— PROBLEM STATEMENT —
Output each record exactly, excluding pictures.

— DATA SHOWN —
——

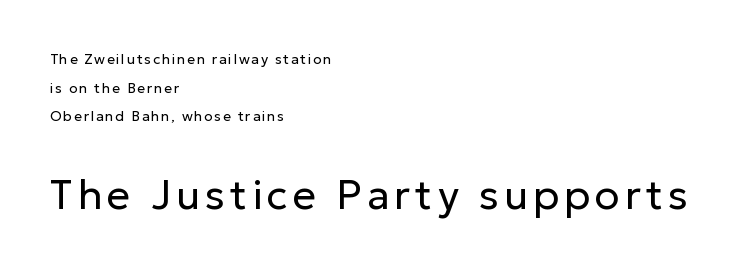
The image shows 41 px regular-weight sans-serif type, upright; set left-aligned, loose line spacing (2.05x), not underlined; the second (bottom) block is 2.93x larger; low stroke contrast and a medium x-height.
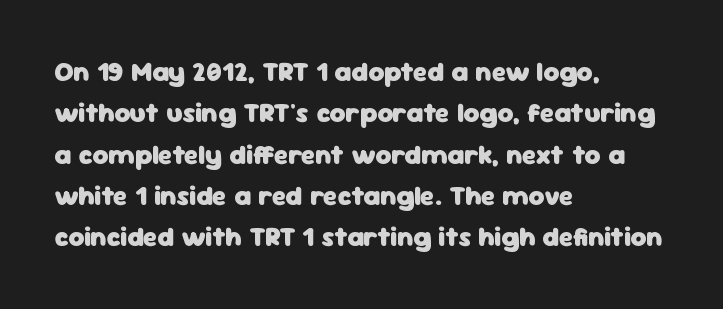
This block has exactly the height ordinary leading produces. The letterforms sit shoulder to shoulder at normal distance. On the weight axis this lands at bold, roughly 700. Line beginnings align vertically; line endings do not. A roman cut, with each character standing at attention.
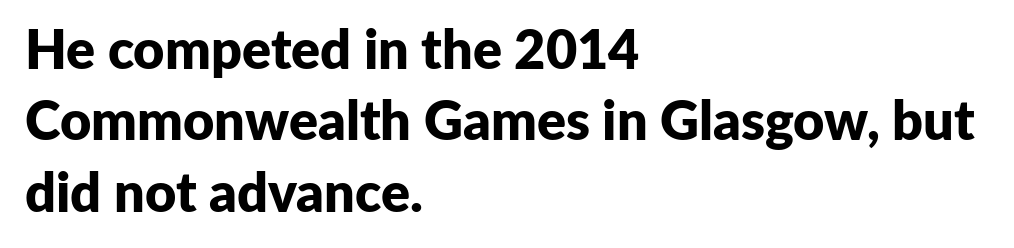
Emphasis by weight is at full strength: bold. The passage shown has conventional tracking throughout. You could not count columns in this text — the font is proportionally spaced. The rendering shows plain stroke endings on the letterforms — a sans-serif design. This rendering features lettering with no underline.
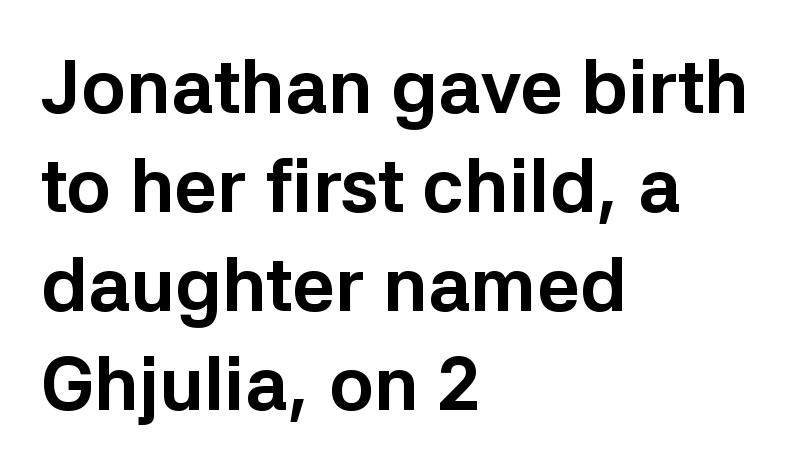
Q: Is the text bold? A: Yes.
Q: Is the text italic (slanted)? A: No, it is upright.
Q: Is the typeface a serif or a sans-serif typeface? A: Sans-serif.
Q: Is the text underlined? A: No.
Q: How is the paragraph aligned? A: Left-aligned.
Q: Is the spacing between letters normal or unusually wide? A: Normal.
Q: Is the spacing between lines tight, normal or loose? A: Normal.
Q: Width (condensed, normal, or wide)? A: Normal.
Q: Stroke contrast? A: Low.
Q: x-height? A: Medium.
Q: Monospaced? A: No.
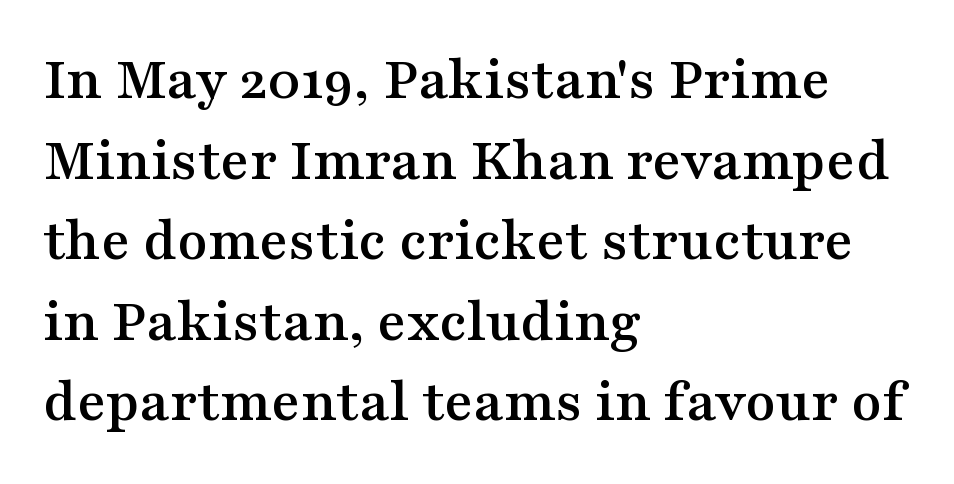
Q: Is the text italic (slanted)? A: No, it is upright.
Q: Is the typeface a serif or a sans-serif typeface? A: Serif.
Q: Is the text underlined? A: No.
Q: How is the paragraph aligned? A: Left-aligned.
Q: Is the spacing between letters normal or unusually wide? A: Normal.
Q: Is the spacing between lines tight, normal or loose? A: Normal.
Q: Width (condensed, normal, or wide)? A: Wide.
Q: Stroke contrast? A: Medium.
Q: x-height? A: Medium.
Q: Monospaced? A: No.
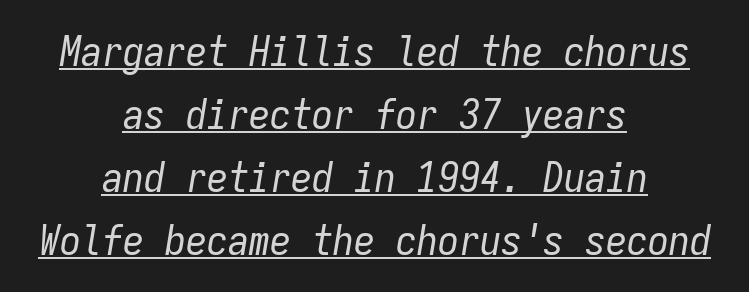
In designer terms, the underline attribute is active on this setting. Is the letter spacing exaggerated? No — it looks like the ordinary default. The letters look calm and open, with moderate or lighter stems. Each letter, wide or thin by design, is forced into the same width here. Alignment: centered.
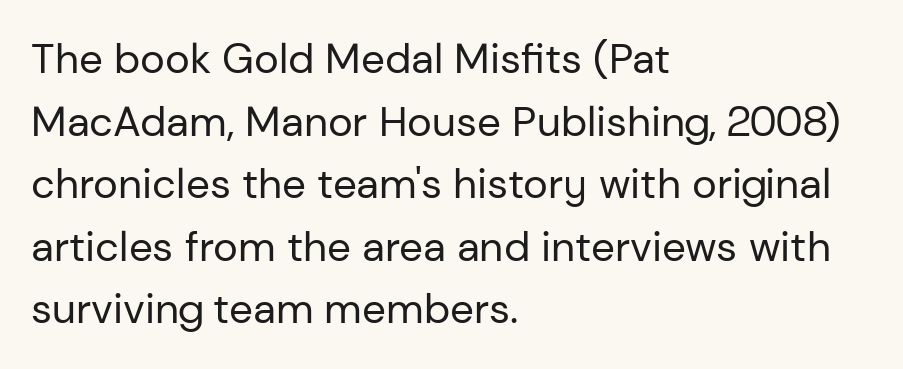
Stroke mass is kept to a normal reading level or below. The rendering shows plain stroke endings on the letterforms — a sans-serif design. Notice how the stems are strictly vertical — no italics here. The passage shown is not underscored anywhere.
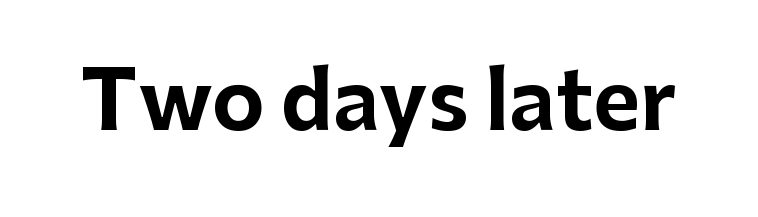
Q: Is the text bold? A: Yes.
Q: Is the text italic (slanted)? A: No, it is upright.
Q: Is the typeface a serif or a sans-serif typeface? A: Sans-serif.
Q: Is the text underlined? A: No.
Q: Is the spacing between letters normal or unusually wide? A: Normal.
Q: Width (condensed, normal, or wide)? A: Normal.
Q: Stroke contrast? A: Low.
Q: x-height? A: Medium.
Q: Monospaced? A: No.
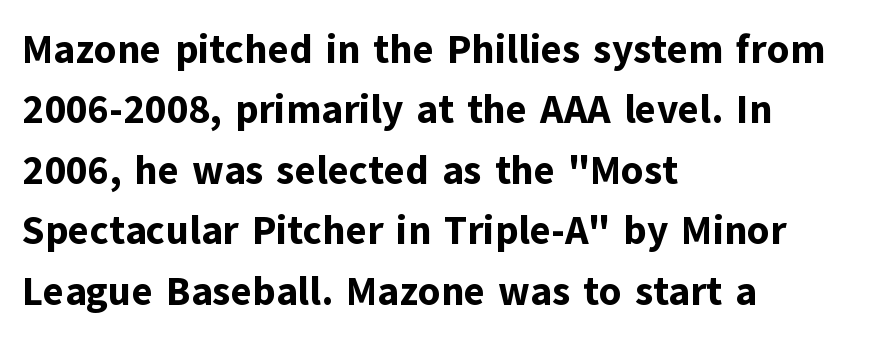
Q: Is the text bold? A: Yes.
Q: Is the text italic (slanted)? A: No, it is upright.
Q: Is the typeface a serif or a sans-serif typeface? A: Sans-serif.
Q: Is the text underlined? A: No.
Q: How is the paragraph aligned? A: Left-aligned.
Q: Is the spacing between letters normal or unusually wide? A: Normal.
Q: Is the spacing between lines tight, normal or loose? A: Normal.
Q: Width (condensed, normal, or wide)? A: Normal.
Q: Stroke contrast? A: Low.
Q: x-height? A: Medium.
Q: Monospaced? A: No.
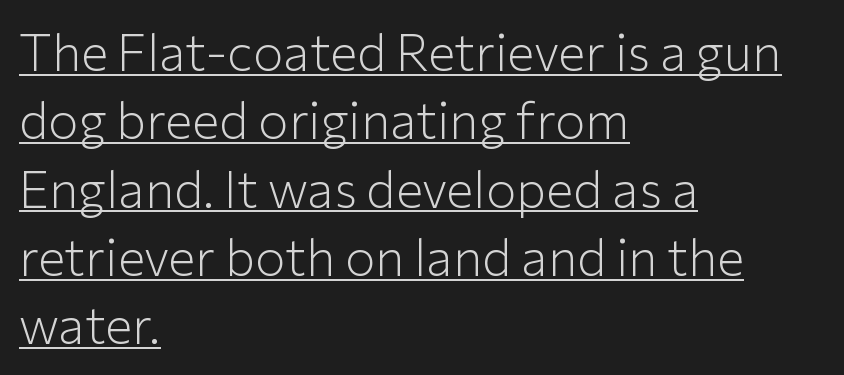
The image shows 51 px light sans-serif type, upright; set left-aligned, normal line spacing (1.34x), normal letter spacing, underlined; low stroke contrast and a medium x-height.
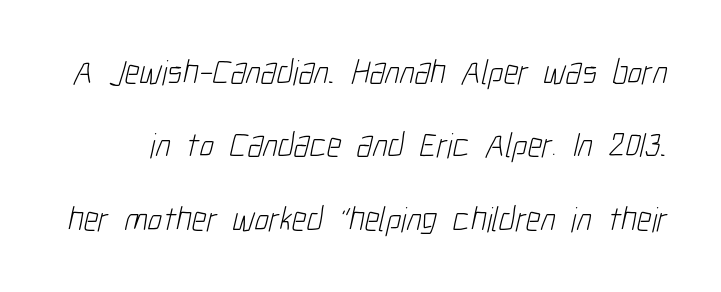
You could not count columns in this text — the font is proportionally spaced. You could fit nearly another row in the gap between these rows. Does the type have serifs? No, each stem ends abruptly. Heaviness? Minimal to ordinary, like unemphasized prose. The rendering keeps characters at their native spacing.
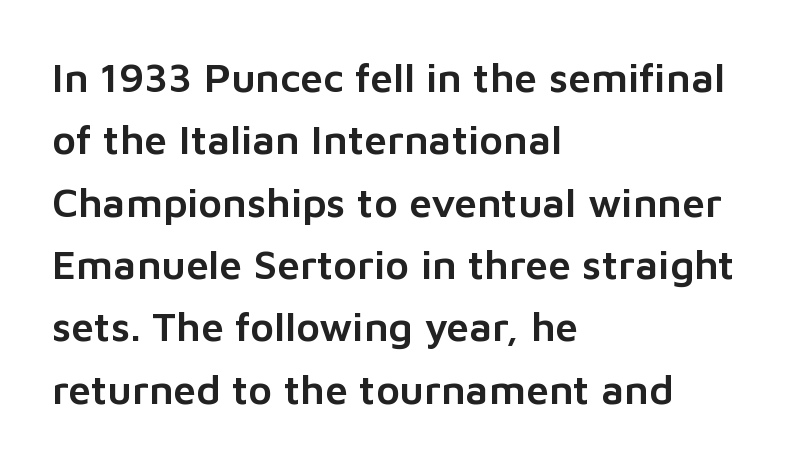
The font family rendered here belongs to the sans-serif group. Regular leading. Does the copy run flush right? No — it runs flush left. Words float on clear page, feet unadorned.
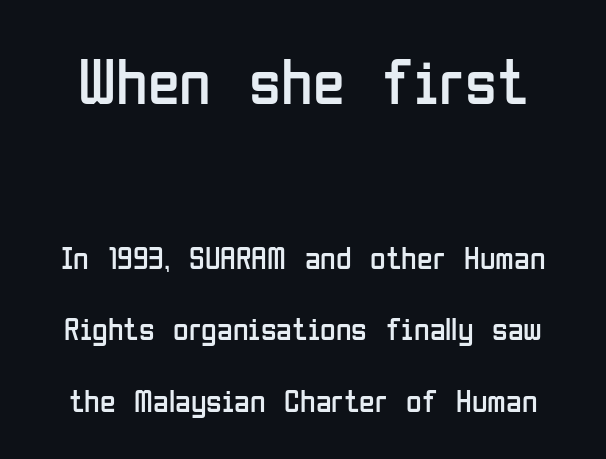
The passage shown begins with its larger block and ends with its smaller one. The passage shown stacks its lines with a broad gap. A typesetter would call this proportional, since set widths differ per character. Examine the stroke ends and you'll find no serifs. The foot of each line stays bare and open.
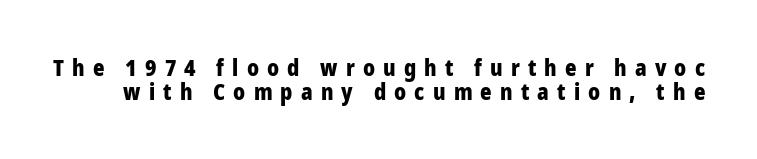
{"italic": "no", "bold": "yes", "underline": "no", "line_spacing": "tight", "line_spacing_ratio": 1.08, "letter_spacing": "wide", "letter_spacing_em": 0.37, "glyph_px": 22}
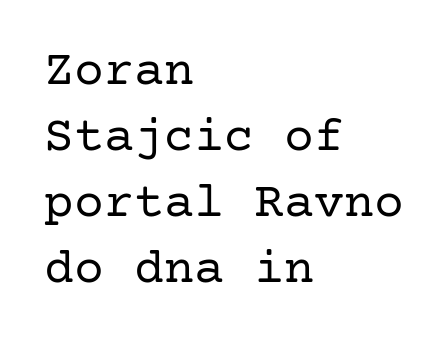
{"serif": "yes", "italic": "no", "bold": "no", "weight": "regular", "width": "normal", "stroke_contrast": "low", "x_height": "medium", "underline": "no", "align": "left", "line_spacing": "normal", "line_spacing_ratio": 1.32, "letter_spacing": "normal", "letter_spacing_em": 0.0, "glyph_px": 50}
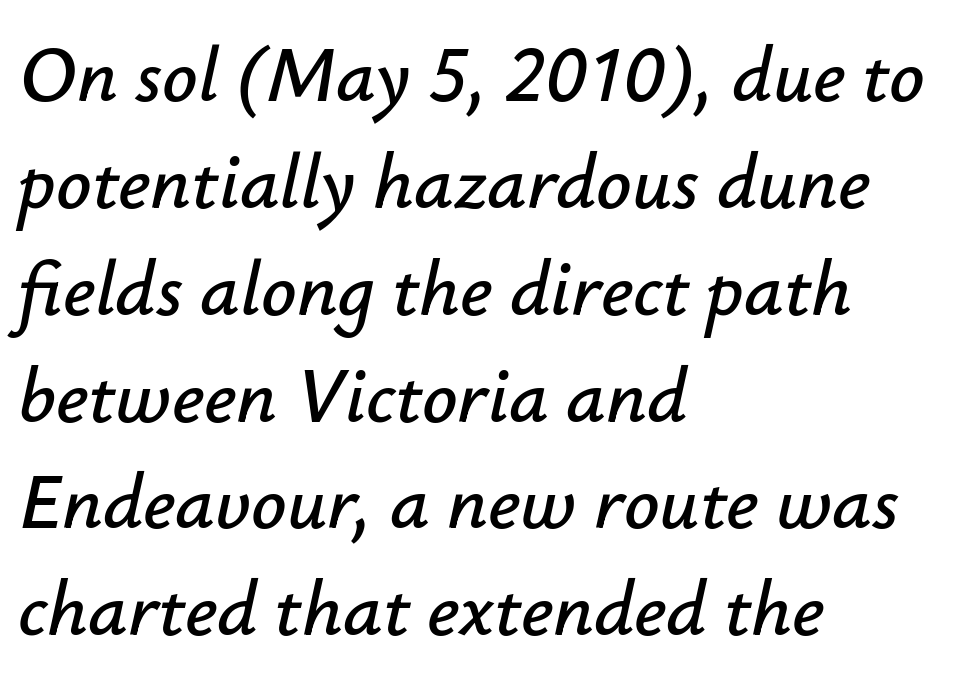
The image shows 78 px text type, italic (leaning right); set left-aligned, normal line spacing (1.37x), normal letter spacing, not underlined; low stroke contrast and a small x-height.
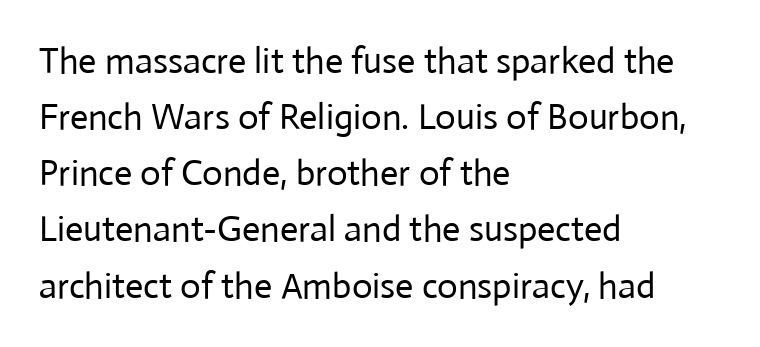
Q: Is the text bold? A: No.
Q: Is the text italic (slanted)? A: No, it is upright.
Q: Is the typeface a serif or a sans-serif typeface? A: Sans-serif.
Q: Is the text underlined? A: No.
Q: How is the paragraph aligned? A: Left-aligned.
Q: Is the spacing between letters normal or unusually wide? A: Normal.
Q: Is the spacing between lines tight, normal or loose? A: Normal.
Q: Width (condensed, normal, or wide)? A: Normal.
Q: Stroke contrast? A: Low.
Q: x-height? A: Medium.
Q: Monospaced? A: No.
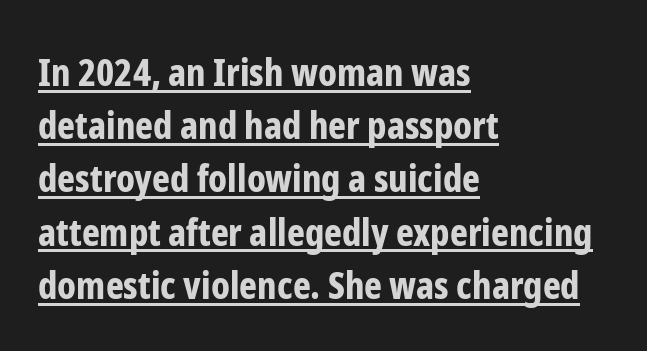
{"serif": "no", "italic": "no", "bold": "yes", "weight": "bold", "width": "condensed", "stroke_contrast": "low", "x_height": "medium", "monospaced": "no", "underline": "yes", "align": "left", "line_spacing": "normal", "line_spacing_ratio": 1.4, "letter_spacing": "normal", "letter_spacing_em": 0.0, "glyph_px": 38}
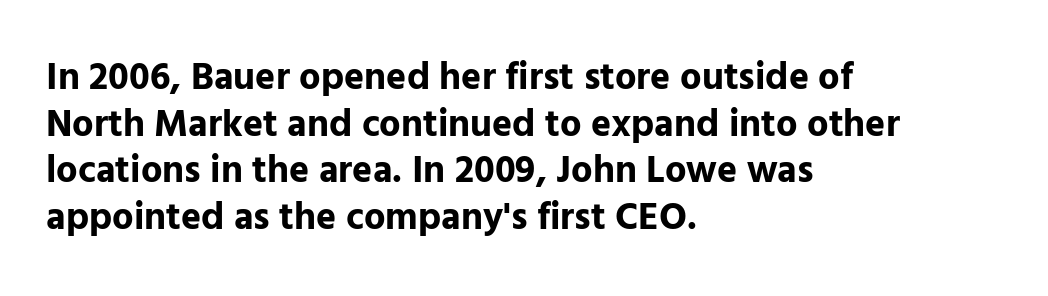
Q: Is the text bold? A: Yes.
Q: Is the text italic (slanted)? A: No, it is upright.
Q: Is the typeface a serif or a sans-serif typeface? A: Sans-serif.
Q: Is the text underlined? A: No.
Q: How is the paragraph aligned? A: Left-aligned.
Q: Is the spacing between letters normal or unusually wide? A: Normal.
Q: Width (condensed, normal, or wide)? A: Normal.
Q: Stroke contrast? A: Low.
Q: x-height? A: Medium.
Q: Monospaced? A: No.
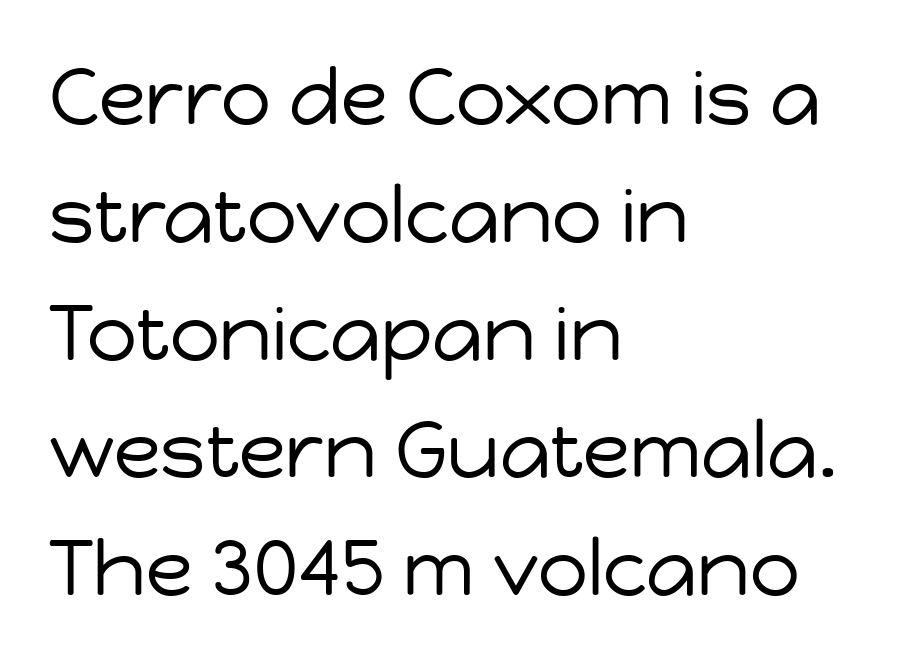
The image shows 78 px regular-weight sans-serif type, upright; set left-aligned, normal line spacing (1.51x), normal letter spacing, not underlined; low stroke contrast and a medium x-height.
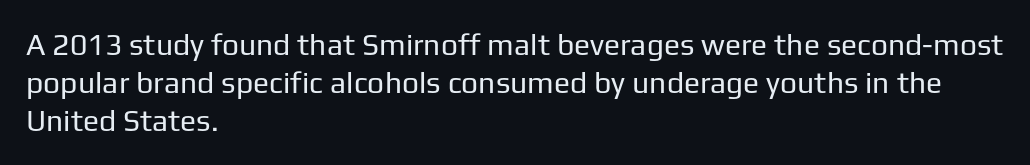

——

— TASK RESULT —
The image shows 41 px regular-weight sans-serif type, upright; set left-aligned, loose line spacing (2.05x), not underlined; the second (bottom) block is 2.93x larger; low stroke contrast and a medium x-height.
This block has exactly the height ordinary leading produces. The letterforms sit shoulder to shoulder at normal distance. On the weight axis this lands at bold, roughly 700. Line beginnings align vertically; line endings do not. A roman cut, with each character standing at attention.
Emphasis by weight is at full strength: bold. The passage shown has conventional tracking throughout. You could not count columns in this text — the font is proportionally spaced. The rendering shows plain stroke endings on the letterforms — a sans-serif design. This rendering features lettering with no underline.
Q: Is the text bold? A: Yes.
Q: Is the text italic (slanted)? A: No, it is upright.
Q: Is the typeface a serif or a sans-serif typeface? A: Sans-serif.
Q: Is the text underlined? A: No.
Q: How is the paragraph aligned? A: Left-aligned.
Q: Is the spacing between letters normal or unusually wide? A: Normal.
Q: Is the spacing between lines tight, normal or loose? A: Normal.
Q: Width (condensed, normal, or wide)? A: Normal.
Q: Stroke contrast? A: Low.
Q: x-height? A: Medium.
Q: Monospaced? A: No.
Q: Is the text italic (slanted)? A: No, it is upright.
Q: Is the typeface a serif or a sans-serif typeface? A: Serif.
Q: Is the text underlined? A: No.
Q: How is the paragraph aligned? A: Left-aligned.
Q: Is the spacing between letters normal or unusually wide? A: Normal.
Q: Is the spacing between lines tight, normal or loose? A: Normal.
Q: Width (condensed, normal, or wide)? A: Wide.
Q: Stroke contrast? A: Medium.
Q: x-height? A: Medium.
Q: Monospaced? A: No.
In designer terms, the underline attribute is active on this setting. Is the letter spacing exaggerated? No — it looks like the ordinary default. The letters look calm and open, with moderate or lighter stems. Each letter, wide or thin by design, is forced into the same width here. Alignment: centered.
Stroke mass is kept to a normal reading level or below. The rendering shows plain stroke endings on the letterforms — a sans-serif design. Notice how the stems are strictly vertical — no italics here. The passage shown is not underscored anywhere.
Q: Is the text bold? A: Yes.
Q: Is the text italic (slanted)? A: No, it is upright.
Q: Is the typeface a serif or a sans-serif typeface? A: Sans-serif.
Q: Is the text underlined? A: No.
Q: Is the spacing between letters normal or unusually wide? A: Normal.
Q: Width (condensed, normal, or wide)? A: Normal.
Q: Stroke contrast? A: Low.
Q: x-height? A: Medium.
Q: Monospaced? A: No.
Q: Is the text bold? A: Yes.
Q: Is the text italic (slanted)? A: No, it is upright.
Q: Is the typeface a serif or a sans-serif typeface? A: Sans-serif.
Q: Is the text underlined? A: No.
Q: How is the paragraph aligned? A: Left-aligned.
Q: Is the spacing between letters normal or unusually wide? A: Normal.
Q: Is the spacing between lines tight, normal or loose? A: Normal.
Q: Width (condensed, normal, or wide)? A: Normal.
Q: Stroke contrast? A: Low.
Q: x-height? A: Medium.
Q: Monospaced? A: No.
The image shows 51 px light sans-serif type, upright; set left-aligned, normal line spacing (1.34x), normal letter spacing, underlined; low stroke contrast and a medium x-height.
You could not count columns in this text — the font is proportionally spaced. You could fit nearly another row in the gap between these rows. Does the type have serifs? No, each stem ends abruptly. Heaviness? Minimal to ordinary, like unemphasized prose. The rendering keeps characters at their native spacing.
The font family rendered here belongs to the sans-serif group. Regular leading. Does the copy run flush right? No — it runs flush left. Words float on clear page, feet unadorned.
The passage shown begins with its larger block and ends with its smaller one. The passage shown stacks its lines with a broad gap. A typesetter would call this proportional, since set widths differ per character. Examine the stroke ends and you'll find no serifs. The foot of each line stays bare and open.
{"italic": "no", "bold": "yes", "underline": "no", "line_spacing": "tight", "line_spacing_ratio": 1.08, "letter_spacing": "wide", "letter_spacing_em": 0.37, "glyph_px": 22}
{"serif": "yes", "italic": "no", "bold": "no", "weight": "regular", "width": "normal", "stroke_contrast": "low", "x_height": "medium", "underline": "no", "align": "left", "line_spacing": "normal", "line_spacing_ratio": 1.32, "letter_spacing": "normal", "letter_spacing_em": 0.0, "glyph_px": 50}
The image shows 78 px text type, italic (leaning right); set left-aligned, normal line spacing (1.37x), normal letter spacing, not underlined; low stroke contrast and a small x-height.
Q: Is the text bold? A: No.
Q: Is the text italic (slanted)? A: No, it is upright.
Q: Is the typeface a serif or a sans-serif typeface? A: Sans-serif.
Q: Is the text underlined? A: No.
Q: How is the paragraph aligned? A: Left-aligned.
Q: Is the spacing between letters normal or unusually wide? A: Normal.
Q: Is the spacing between lines tight, normal or loose? A: Normal.
Q: Width (condensed, normal, or wide)? A: Normal.
Q: Stroke contrast? A: Low.
Q: x-height? A: Medium.
Q: Monospaced? A: No.
{"serif": "no", "italic": "no", "bold": "yes", "weight": "bold", "width": "condensed", "stroke_contrast": "low", "x_height": "medium", "monospaced": "no", "underline": "yes", "align": "left", "line_spacing": "normal", "line_spacing_ratio": 1.4, "letter_spacing": "normal", "letter_spacing_em": 0.0, "glyph_px": 38}
Q: Is the text bold? A: Yes.
Q: Is the text italic (slanted)? A: No, it is upright.
Q: Is the typeface a serif or a sans-serif typeface? A: Sans-serif.
Q: Is the text underlined? A: No.
Q: How is the paragraph aligned? A: Left-aligned.
Q: Is the spacing between letters normal or unusually wide? A: Normal.
Q: Width (condensed, normal, or wide)? A: Normal.
Q: Stroke contrast? A: Low.
Q: x-height? A: Medium.
Q: Monospaced? A: No.
The image shows 78 px regular-weight sans-serif type, upright; set left-aligned, normal line spacing (1.51x), normal letter spacing, not underlined; low stroke contrast and a medium x-height.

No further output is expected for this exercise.